Data section Block Start

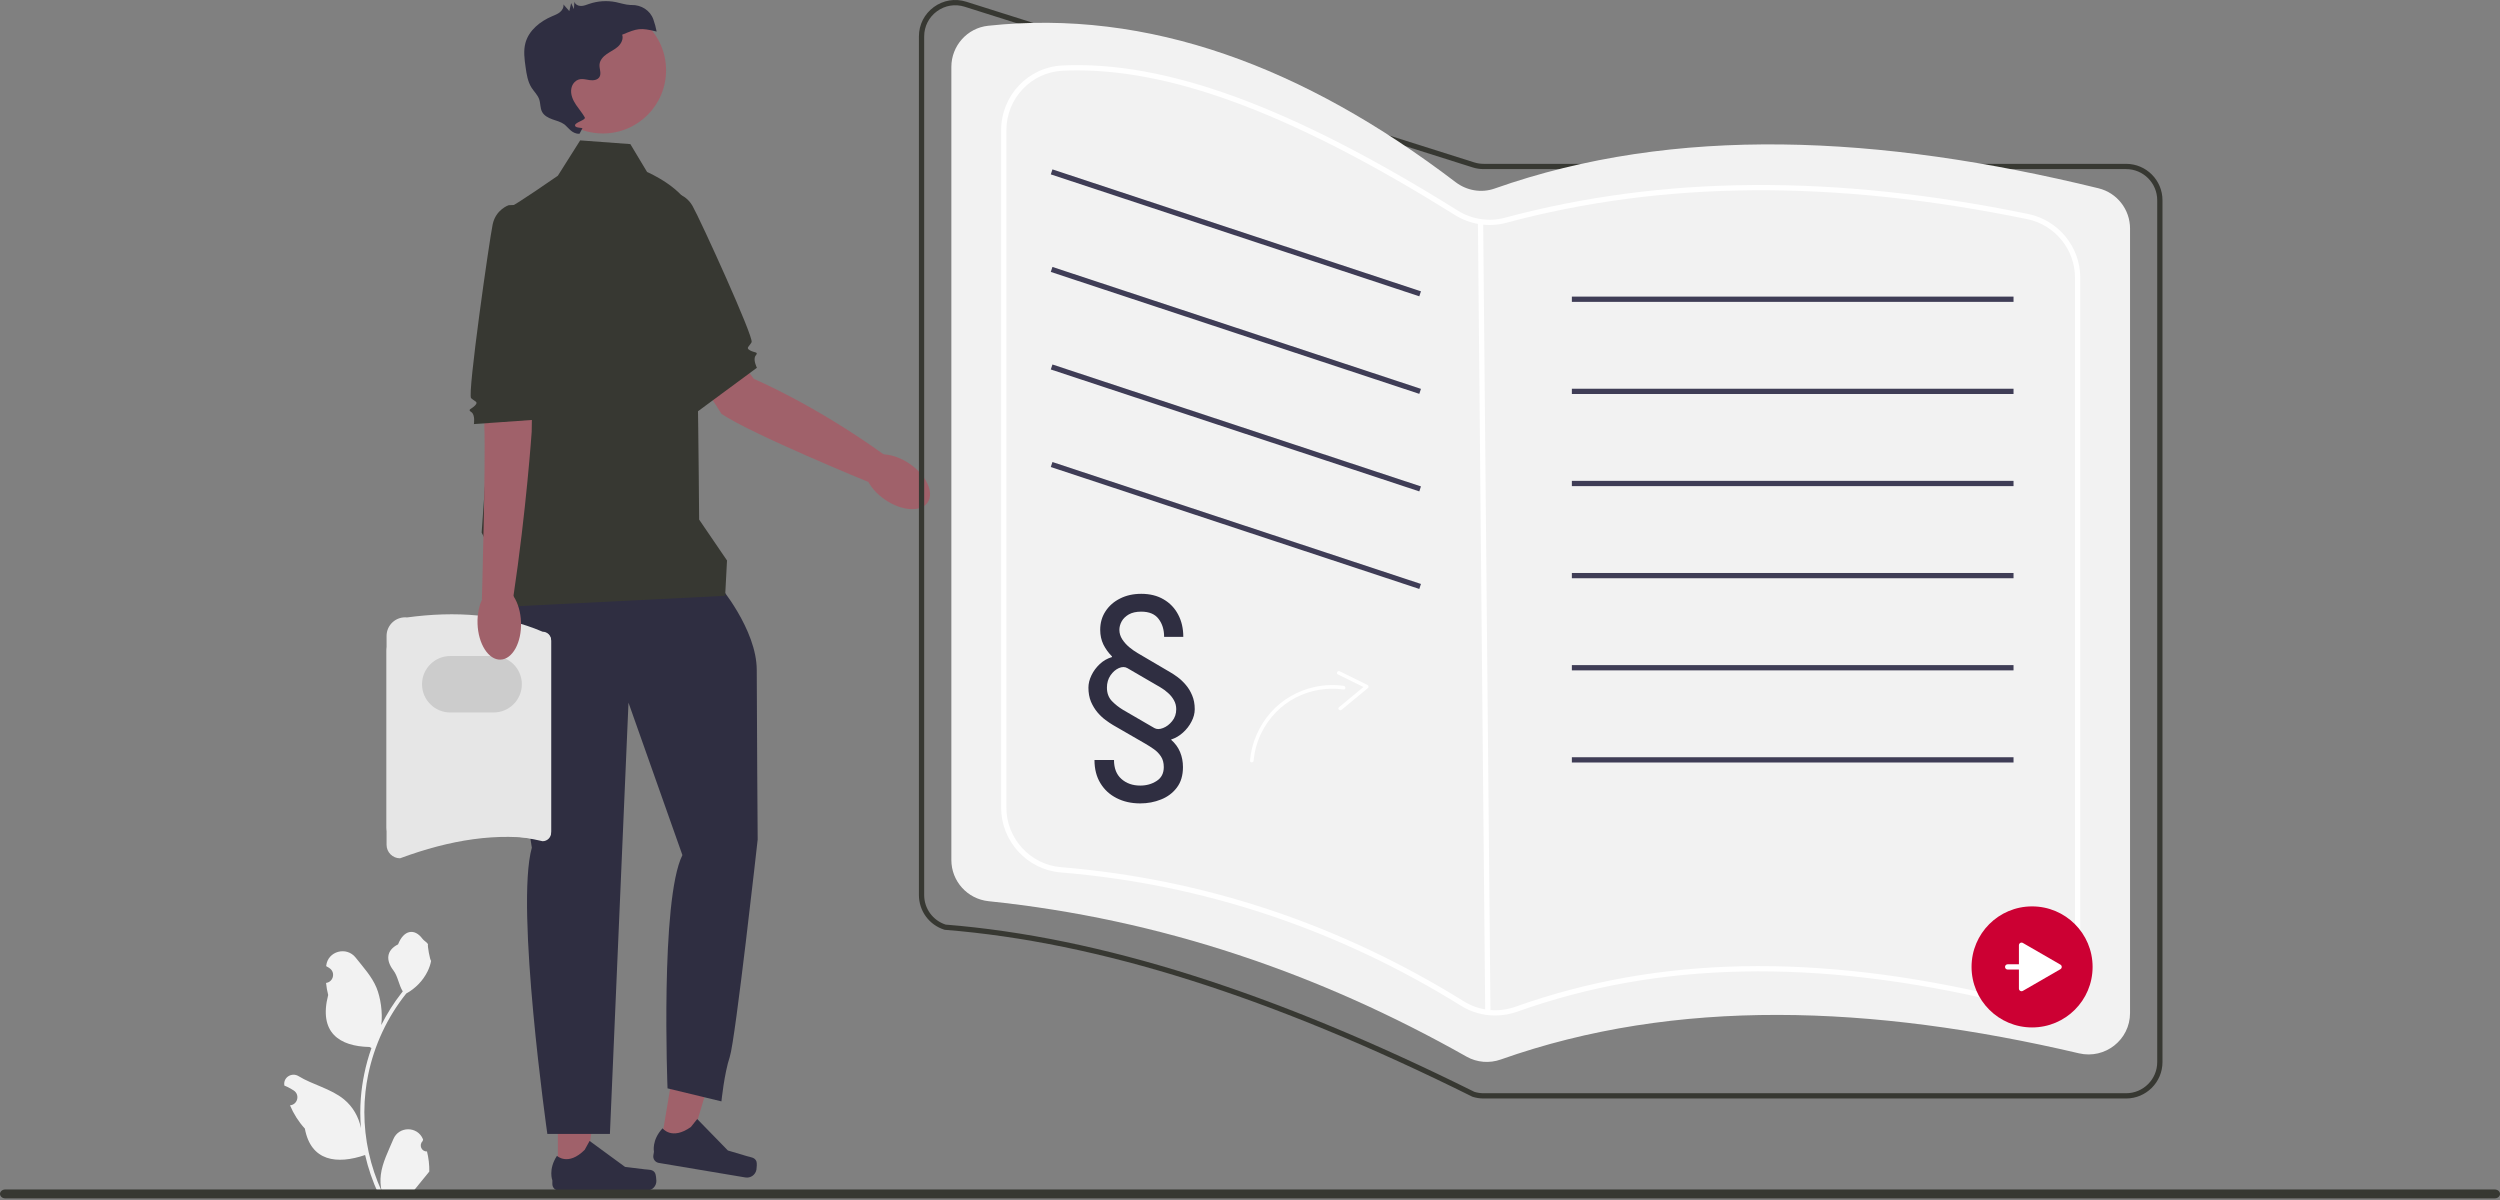 <svg width="950" height="456" viewBox="0 0 950 456" fill="none" xmlns="http://www.w3.org/2000/svg">
<rect x="0" y="0" width="950" height="456" fill="#808080" stroke="none"/>
<g clip-path="url(#clip0_1397_16)">
<path d="M259.456 107.121L286.45 143.97C286.45 143.97 309.464 153.648 336.362 173.079L329.924 183.13C329.924 183.13 285.527 164.951 274.165 157.269L253.418 124.744L259.456 107.121Z" fill="#A0616A"/>
<path d="M352.503 190.927C355.079 187.157 352.02 180.584 345.671 176.245C339.322 171.906 332.086 171.445 329.51 175.215C326.934 178.985 329.993 185.558 336.342 189.897C342.691 194.236 349.926 194.697 352.503 190.927Z" fill="#A0616A"/>
<path d="M246.262 75.664L255.096 73.158C255.096 73.158 260.238 73.168 263.139 78.219C266.04 83.27 286.58 128.303 285.606 130.048C284.633 131.792 283.274 132.178 285.018 133.152C286.763 134.125 288.36 133.632 287.171 135.09C285.982 136.549 287.625 139.754 287.625 139.754L264.965 156.473L246.262 75.664Z" fill="#373832"/>
<path d="M211.989 445.969L222.766 445.968L227.893 404.397L211.986 404.399L211.989 445.969Z" fill="#A0616A"/>
<path d="M248.912 445.724C249.247 446.289 249.424 448.113 249.424 448.77C249.424 450.79 247.787 452.428 245.766 452.428H212.39C211.012 452.428 209.895 451.311 209.895 449.933V448.543C209.895 448.543 208.244 444.367 211.643 439.219C211.643 439.219 215.868 443.25 222.181 436.937L224.043 433.564L237.519 443.42L244.988 444.339C246.622 444.541 248.071 444.308 248.912 445.724Z" fill="#2F2E41"/>
<path d="M250.994 435.466L261.623 437.25L273.566 397.104L257.879 394.47L250.994 435.466Z" fill="#A0616A"/>
<path d="M287.45 441.342C287.687 441.955 287.56 443.783 287.451 444.431C287.116 446.424 285.23 447.767 283.237 447.433L250.323 441.903C248.963 441.674 248.047 440.388 248.275 439.029L248.505 437.658C248.505 437.658 247.569 433.266 251.774 428.753C251.774 428.753 255.273 433.428 262.545 428.248L264.939 425.23L276.596 437.182L283.81 439.327C285.388 439.796 286.855 439.807 287.45 441.342Z" fill="#2F2E41"/>
<path d="M273.086 222.162C273.086 222.162 287.566 239.114 287.566 254.654C287.566 270.193 287.919 319.008 287.919 319.008C287.919 319.008 279.443 395.215 277.324 401.572C275.205 407.929 274.146 418.524 274.146 418.524L253.662 413.58C253.662 413.58 250.837 341.886 259.313 324.934L238.829 267.015L231.766 430.885H207.986C207.986 430.885 195.742 344.712 202.099 322.109C202.099 322.109 187.973 235.936 191.504 230.991C195.036 226.047 273.086 222.162 273.086 222.162Z" fill="#2F2E41"/>
<path d="M220.465 53.348L239.536 54.76L245.893 65.355C245.893 65.355 260.726 71.712 262.845 80.895C264.964 90.077 265.671 197.44 265.671 197.44L276.266 212.98L275.559 226.4L190.799 230.638V217.735L183.029 202.385C183.029 202.385 191.505 79.482 193.624 78.776C195.743 78.07 211.989 66.768 211.989 66.768L220.465 53.348Z" fill="#373832"/>
<path d="M229.096 50.719C242.359 50.719 253.111 39.967 253.111 26.704C253.111 13.441 242.359 2.688 229.096 2.688C215.832 2.688 205.08 13.441 205.08 26.704C205.08 39.967 215.832 50.719 229.096 50.719Z" fill="#A0616A"/>
<path d="M248.28 7.387C247.058 3.921 243.667 1.818 239.993 1.9C239.838 1.904 239.682 1.902 239.528 1.896C237.678 1.82 235.902 1.188 234.088 0.818C230.706 0.127 227.141 0.358 223.877 1.48C222.863 1.829 221.847 2.268 220.774 2.268C219.702 2.268 218.533 1.68 218.271 0.639C218.209 1.581 218.147 2.523 218.085 3.465C217.736 2.703 217.387 1.94 217.038 1.178L216.339 4.218L214.099 1.677C214.3 2.797 213.647 3.926 212.763 4.642C211.879 5.358 210.787 5.754 209.74 6.2C205.223 8.125 200.982 11.534 199.681 16.269C198.858 19.26 199.288 22.435 199.724 25.506C200.109 28.222 200.528 31.031 202.004 33.342C202.95 34.824 204.314 36.071 204.89 37.732C205.427 39.28 205.224 41.053 205.988 42.502C206.755 43.959 208.339 44.782 209.889 45.336C211.439 45.889 213.087 46.281 214.422 47.244C215.757 48.207 217.306 50.98 220.214 50.831L221.153 49.068C222.119 48.281 218.545 48.905 218.508 47.66C218.471 46.415 222.808 45.645 222.193 44.562C221.25 42.901 219.975 41.455 218.913 39.867C217.67 38.01 216.693 35.841 217.122 33.575C217.289 32.693 217.701 31.861 218.33 31.22C220.141 29.374 222.162 30.186 224.125 30.45C225.478 30.632 227.094 30.422 227.796 29.251C228.618 27.881 227.702 26.139 227.814 24.546C227.933 22.857 229.212 21.473 230.604 20.51C231.996 19.548 233.577 18.846 234.829 17.708C236.081 16.57 236.974 14.791 236.428 13.189C242.364 10.717 243.273 10.484 249.524 11.991C249.226 10.428 248.809 8.888 248.28 7.387Z" fill="#2F2E41"/>
<path d="M146.895 314.542V241.647C146.895 239.648 147.747 237.734 149.233 236.397C150.719 235.059 152.711 234.412 154.699 234.622C173.122 232.144 190.473 233.322 206.197 240.052C207.978 240.052 209.427 241.501 209.427 243.282V316.432C209.427 318.213 207.978 319.662 206.197 319.662C188.888 315.603 170.631 316.66 152.015 319.662C149.191 319.662 146.895 317.366 146.895 314.542Z" fill="#E6E6E6"/>
<path d="M146.895 321.032V247.366C146.895 243.471 150.064 240.302 153.959 240.302C171.575 235.692 188.988 235.685 206.197 240.302C207.978 240.302 209.427 241.751 209.427 243.532V315.933C209.427 317.711 207.983 319.159 206.205 319.163C189.237 316.211 171.06 319.086 152.015 326.152C149.191 326.152 146.895 323.855 146.895 321.032Z" fill="#E6E6E6"/>
<path d="M187.573 270.744H171.1C165.184 270.744 160.371 265.932 160.371 260.016C160.371 254.1 165.184 249.286 171.1 249.286H187.573C193.489 249.286 198.302 254.1 198.302 260.016C198.302 265.932 193.489 270.744 187.573 270.744Z" fill="#CCCCCC"/>
<path d="M202.669 126.057L202.04 164.089C202.04 164.089 200.027 193.729 195.03 227.085L183.117 227.845C183.117 227.845 184.583 175.764 184.049 162.059L184.891 131.621L202.669 126.057Z" fill="#A0616A"/>
<path d="M190.199 250.659C194.762 250.504 198.25 244.148 197.988 236.463C197.727 228.777 193.816 222.672 189.253 222.828C184.69 222.983 181.202 229.339 181.463 237.024C181.724 244.71 185.636 250.815 190.199 250.659Z" fill="#A0616A"/>
<path d="M202.485 77.638L193.309 77.972C193.309 77.972 188.419 79.564 187.213 85.262C186.007 90.96 177.553 149.933 179.016 151.293C180.479 152.654 181.891 152.602 180.531 154.066C179.17 155.529 177.499 155.551 179.079 156.573C180.659 157.595 180.082 161.15 180.082 161.15L205.461 159.352L202.485 77.638Z" fill="#373832"/>
<path d="M807.916 417.428H563.764C562.347 417.428 560.944 417.211 559.594 416.785L559.451 416.727C483.001 378.733 417.455 357.997 359.068 353.332L358.846 353.288C353.07 351.46 349.189 346.163 349.189 340.105V13.838C349.189 9.383 351.251 5.318 354.845 2.685C358.439 0.052 362.936 -0.687 367.186 0.656L560.197 61.706C561.353 62.072 562.553 62.257 563.764 62.257H807.916C815.54 62.257 821.742 68.459 821.742 76.083V403.602C821.742 411.226 815.54 417.428 807.916 417.428ZM560.27 414.901C561.402 415.25 562.578 415.428 563.764 415.428H807.916C814.437 415.428 819.742 410.124 819.742 403.602V76.083C819.742 69.562 814.437 64.257 807.916 64.257H563.764C562.348 64.257 560.946 64.04 559.594 63.613L366.582 2.563C362.948 1.413 359.101 2.046 356.027 4.298C352.953 6.551 351.189 10.028 351.189 13.838V340.105C351.189 345.249 354.461 349.752 359.343 351.347C417.942 356.05 483.669 376.839 560.27 414.901Z" fill="#373832"/>
<path d="M570.283 402.613C636.853 379.056 711.119 381.76 790.015 400.264C799.919 402.587 809.415 395.129 809.415 384.956V86.842C809.415 79.603 804.48 73.273 797.448 71.553C714.219 51.201 636.479 47.456 567.969 71.641C562.95 73.412 557.379 72.453 553.144 69.229C495.412 25.282 436.328 3.248 375.48 9.791C367.52 10.647 361.516 17.43 361.516 25.437V326.801C361.516 334.871 367.621 341.618 375.647 342.452C441.141 349.264 501.323 369.908 557.292 401.522C561.255 403.761 565.992 404.131 570.283 402.613Z" fill="#F2F2F2"/>
<path d="M568.146 385.895C563.612 385.895 559.146 384.649 555.211 382.206C508.207 353.014 456.997 335.96 403.004 331.519C390.346 330.477 380.43 319.68 380.43 306.938V49.522C380.43 36.31 390.676 25.485 403.756 24.877C443.067 23.044 490.798 40.575 553.961 80.027C559.304 83.364 565.801 84.355 571.788 82.749C631.816 66.636 696.886 66.165 770.719 81.31C782.182 83.662 790.501 93.835 790.501 105.502V356.763C790.501 364.345 787.091 371.388 781.145 376.084C775.155 380.815 767.447 382.512 759.998 380.738C690.152 364.114 630.176 365.315 576.639 384.413C573.858 385.405 570.988 385.895 568.146 385.895ZM409.368 26.748C407.507 26.748 405.672 26.79 403.849 26.875C391.838 27.433 382.43 37.381 382.43 49.522V306.938C382.43 318.646 391.539 328.568 403.168 329.524C457.48 333.993 508.99 351.145 556.267 380.507C562.149 384.161 569.33 384.897 575.967 382.53C629.877 363.298 690.227 362.075 760.46 378.793C767.311 380.423 774.398 378.865 779.905 374.515C785.368 370.199 788.501 363.729 788.501 356.763V105.502C788.501 94.781 780.854 85.431 770.317 83.269C696.796 68.187 632.026 68.649 572.306 84.681C565.784 86.43 558.713 85.353 552.902 81.724C493.044 44.335 447.206 26.748 409.368 26.748Z" fill="white"/>
<path d="M563.605 84.242L561.605 84.261L564.388 385.437L566.388 385.419L563.605 84.242Z" fill="white"/>
<path d="M399.927 64.366L399.299 66.265L539.332 112.599L539.96 110.701L399.927 64.366Z" fill="#3F3D56"/>
<path d="M399.927 101.435L399.299 103.333L539.332 149.667L539.96 147.769L399.927 101.435Z" fill="#3F3D56"/>
<path d="M399.927 138.502L399.299 140.4L539.332 186.735L539.96 184.837L399.927 138.502Z" fill="#3F3D56"/>
<path d="M399.927 175.569L399.299 177.468L539.332 223.802L539.96 221.904L399.927 175.569Z" fill="#3F3D56"/>
<path d="M765.14 112.71H597.307V114.71H765.14V112.71Z" fill="#3F3D56"/>
<path d="M765.14 147.718H597.307V149.718H765.14V147.718Z" fill="#3F3D56"/>
<path d="M765.14 182.726H597.307V184.726H765.14V182.726Z" fill="#3F3D56"/>
<path d="M765.14 217.734H597.307V219.734H765.14V217.734Z" fill="#3F3D56"/>
<path d="M765.14 252.742H597.307V254.742H765.14V252.742Z" fill="#3F3D56"/>
<path d="M765.14 287.752H597.307V289.752H765.14V287.752Z" fill="#3F3D56"/>
<path d="M162.259 437.545C160.193 437.674 159.051 435.108 160.614 433.612L160.77 432.994C160.749 432.944 160.729 432.895 160.708 432.845C158.619 427.863 151.538 427.898 149.467 432.887C147.628 437.315 145.287 441.751 144.711 446.433C144.452 448.5 144.569 450.605 145.027 452.633C140.719 443.223 138.452 432.947 138.452 422.613C138.452 420.016 138.594 417.42 138.885 414.83C139.124 412.711 139.453 410.606 139.88 408.519C142.185 397.242 147.178 386.501 154.38 377.53C157.842 375.637 160.729 372.679 162.473 369.133C163.099 367.854 163.59 366.479 163.823 365.077C163.429 365.129 162.337 359.128 162.634 358.76C162.085 357.927 161.102 357.513 160.503 356.7C157.52 352.656 153.411 353.362 151.266 358.857C146.684 361.17 146.64 365.005 149.451 368.694C151.24 371.041 151.486 374.216 153.056 376.729C152.894 376.935 152.726 377.136 152.565 377.342C149.604 381.14 147.043 385.222 144.884 389.511C145.494 384.745 144.593 379.003 143.057 375.301C141.309 371.084 138.032 367.532 135.147 363.886C131.681 359.507 124.573 361.418 123.963 366.97C123.957 367.023 123.951 367.077 123.945 367.131C124.374 367.373 124.794 367.63 125.204 367.901C127.544 369.448 126.735 373.075 123.963 373.503L123.9 373.512C124.055 375.056 124.32 376.587 124.708 378.092C121.006 392.407 128.998 397.621 140.409 397.856C140.661 397.985 140.906 398.114 141.158 398.237C140.002 401.492 139.079 404.831 138.394 408.216C137.78 411.206 137.354 414.229 137.115 417.265C136.818 421.095 136.844 424.944 137.167 428.768L137.147 428.632C136.327 424.421 134.041 420.488 130.721 417.762C125.775 413.699 118.788 412.203 113.453 408.938C110.884 407.366 107.593 409.397 108.041 412.375L108.063 412.517C108.858 412.84 109.633 413.215 110.382 413.635C110.81 413.877 111.23 414.133 111.64 414.405C113.98 415.952 113.171 419.579 110.399 420.006L110.337 420.016C110.291 420.023 110.253 420.029 110.207 420.036C111.57 423.271 113.469 426.275 115.846 428.865C118.161 441.362 128.102 442.548 138.736 438.908H138.743C139.905 443.972 141.604 448.92 143.787 453.634H161.807C161.872 453.434 161.93 453.228 161.988 453.027C160.322 453.131 158.642 453.034 157.002 452.73C158.339 451.09 159.676 449.436 161.013 447.796C161.045 447.763 161.071 447.731 161.097 447.699C161.775 446.859 162.46 446.026 163.138 445.186L163.138 445.185C163.181 442.608 162.871 440.038 162.259 437.545Z" fill="#F2F2F2"/>
<path d="M363.811 453.688C363.811 454.348 363.281 454.878 362.621 454.878H109.331C108.671 454.878 108.141 454.348 108.141 453.688C108.141 453.028 108.671 452.498 109.331 452.498H362.621C363.281 452.498 363.811 453.028 363.811 453.688Z" fill="#CCCCCC"/>
<path d="M772.189 390.428C784.892 390.428 795.189 380.13 795.189 367.428C795.189 354.725 784.892 344.428 772.189 344.428C759.487 344.428 749.189 354.725 749.189 367.428C749.189 380.13 759.487 390.428 772.189 390.428Z" fill="#CC0033"/>
<path d="M782.96 366.562L768.689 358.321C768.022 357.936 767.189 358.417 767.189 359.187V366.428H762.908C762.356 366.428 761.908 366.875 761.908 367.428C761.908 367.98 762.356 368.428 762.908 368.428H767.189V375.668C767.189 376.438 768.022 376.919 768.689 376.534L782.96 368.294C783.626 367.909 783.626 366.946 782.96 366.562Z" fill="white"/>
<path d="M475.003 289.009C475.593 282.261 478.395 275.815 482.879 270.741C487.247 265.799 493.217 262.409 499.655 261.028C503.249 260.257 506.973 260.107 510.612 260.626C511.484 260.751 511.46 262.134 510.58 262.008C504.385 261.124 497.982 262.204 492.416 265.065C486.711 267.997 482.144 272.765 479.324 278.516C477.71 281.804 476.704 285.393 476.385 289.042C476.308 289.925 474.926 289.898 475.003 289.009Z" fill="white"/>
<path d="M509.079 255.078L519.72 260.328C520.107 260.519 520.171 261.15 519.842 261.421L509.769 269.748C509.087 270.312 508.127 269.316 508.814 268.748L518.888 260.421L519.01 261.514L508.368 256.264C507.569 255.87 508.287 254.687 509.079 255.078Z" fill="white"/>
<path d="M0 453.695C0 454.635 0.892 455.39 2.002 455.39H947.998C949.108 455.39 950 454.635 950 453.695C950 452.755 949.108 452 947.998 452H2.002C0.892 452 0 452.755 0 453.695Z" fill="#373832"/>
<path d="M449.653 242.014H442.366C442.366 239.266 441.663 236.986 440.257 235.175C438.872 233.342 436.678 232.426 433.673 232.426C431.756 232.426 430.179 232.778 428.943 233.481C427.729 234.184 426.823 235.068 426.227 236.134C425.651 237.199 425.364 238.264 425.364 239.33C425.364 240.608 425.726 241.812 426.45 242.941C427.175 244.049 428.07 245.05 429.135 245.945C430.2 246.819 431.244 247.554 432.267 248.151L444.668 255.438C445.499 255.906 446.447 256.535 447.512 257.323C448.577 258.112 449.6 259.081 450.58 260.232C451.56 261.361 452.37 262.692 453.009 264.227C453.67 265.761 454 267.518 454 269.5C454 271.077 453.585 272.653 452.754 274.23C451.944 275.807 450.857 277.202 449.494 278.417C448.151 279.631 446.67 280.494 445.051 281.006V281.134C446.585 282.476 447.714 284.031 448.439 285.8C449.163 287.547 449.526 289.443 449.526 291.489C449.526 294.642 448.759 297.231 447.224 299.255C445.69 301.3 443.688 302.813 441.216 303.793C438.744 304.795 436.102 305.295 433.29 305.295C429.923 305.295 426.93 304.624 424.309 303.282C421.688 301.961 419.632 300.065 418.141 297.593C416.649 295.143 415.903 292.213 415.903 288.804H423.318C423.318 291.936 424.256 294.333 426.131 295.995C428.027 297.678 430.413 298.52 433.29 298.52C435.655 298.52 437.732 297.934 439.522 296.762C441.333 295.612 442.239 293.854 442.239 291.489C442.239 289.869 441.876 288.516 441.152 287.43C440.428 286.343 439.533 285.427 438.467 284.681C437.402 283.935 436.358 283.264 435.335 282.668L422.935 275.509C422.104 275.018 421.156 274.379 420.09 273.591C419.025 272.803 418.002 271.833 417.022 270.683C416.042 269.511 415.222 268.158 414.561 266.624C413.922 265.068 413.602 263.3 413.602 261.318C413.602 259.784 413.986 258.218 414.753 256.62C415.52 255.022 416.575 253.594 417.917 252.337C419.259 251.08 420.804 250.196 422.551 249.685V249.429C421.209 248.087 420.122 246.585 419.291 244.923C418.482 243.239 418.077 241.375 418.077 239.33C418.077 236.687 418.748 234.344 420.09 232.298C421.433 230.232 423.276 228.612 425.619 227.44C427.963 226.247 430.648 225.651 433.673 225.651C436.955 225.651 439.788 226.354 442.175 227.76C444.561 229.145 446.404 231.073 447.704 233.545C449.004 235.995 449.653 238.818 449.653 242.014ZM446.969 269.5C446.969 268.264 446.681 267.135 446.106 266.112C445.531 265.068 444.785 264.141 443.869 263.332C442.952 262.501 441.983 261.787 440.96 261.19L428.432 253.903C427.494 253.349 426.408 253.339 425.172 253.871C423.957 254.404 422.892 255.331 421.976 256.652C421.081 257.973 420.634 259.528 420.634 261.318C420.634 263.364 421.251 265.047 422.487 266.368C423.744 267.668 425.172 268.797 426.77 269.756L438.659 276.659C439.554 277.17 440.651 277.17 441.951 276.659C443.272 276.148 444.433 275.263 445.435 274.006C446.457 272.749 446.969 271.247 446.969 269.5Z" fill="#2F2E41"/>
</g>
<defs>
<clipPath id="clip0_1397_16">
<rect width="950" height="456" fill="white"/>
</clipPath>
</defs>
</svg>

Data section Block End

■ Task requirements:
Please print the lines above exactly, beginning at the first line of the entries and ending at the line holding "445.724C249.247 446.289 249.424", and leave the pictures out.

■ Reply to the exercise:
 <svg width="950" height="456" viewBox="0 0 950 456" fill="none" xmlns="http://www.w3.org/2000/svg">
<rect x="0" y="0" width="950" height="456" fill="#808080" stroke="none"/>
<g clip-path="url(#clip0_1397_16)">
<path d="M259.456 107.121L286.45 143.97C286.45 143.97 309.464 153.648 336.362 173.079L329.924 183.13C329.924 183.13 285.527 164.951 274.165 157.269L253.418 124.744L259.456 107.121Z" fill="#A0616A"/>
<path d="M352.503 190.927C355.079 187.157 352.02 180.584 345.671 176.245C339.322 171.906 332.086 171.445 329.51 175.215C326.934 178.985 329.993 185.558 336.342 189.897C342.691 194.236 349.926 194.697 352.503 190.927Z" fill="#A0616A"/>
<path d="M246.262 75.664L255.096 73.158C255.096 73.158 260.238 73.168 263.139 78.219C266.04 83.27 286.58 128.303 285.606 130.048C284.633 131.792 283.274 132.178 285.018 133.152C286.763 134.125 288.36 133.632 287.171 135.09C285.982 136.549 287.625 139.754 287.625 139.754L264.965 156.473L246.262 75.664Z" fill="#373832"/>
<path d="M211.989 445.969L222.766 445.968L227.893 404.397L211.986 404.399L211.989 445.969Z" fill="#A0616A"/>
<path d="M248.912 445.724C249.247 446.289 249.424 448.113 249.424 448.77C249.424 450.79 247.787 452.428 245.766 452.428H212.39C211.012 452.428 209.895 451.311 209.895 449.933V448.543C209.895 448.543 208.244 444.367 211.643 439.219C211.643 439.219 215.868 443.25 222.181 436.937L224.043 433.564L237.519 443.42L244.988 444.339C246.622 444.541 248.071 444.308 248.912 445.724Z" fill="#2F2E41"/>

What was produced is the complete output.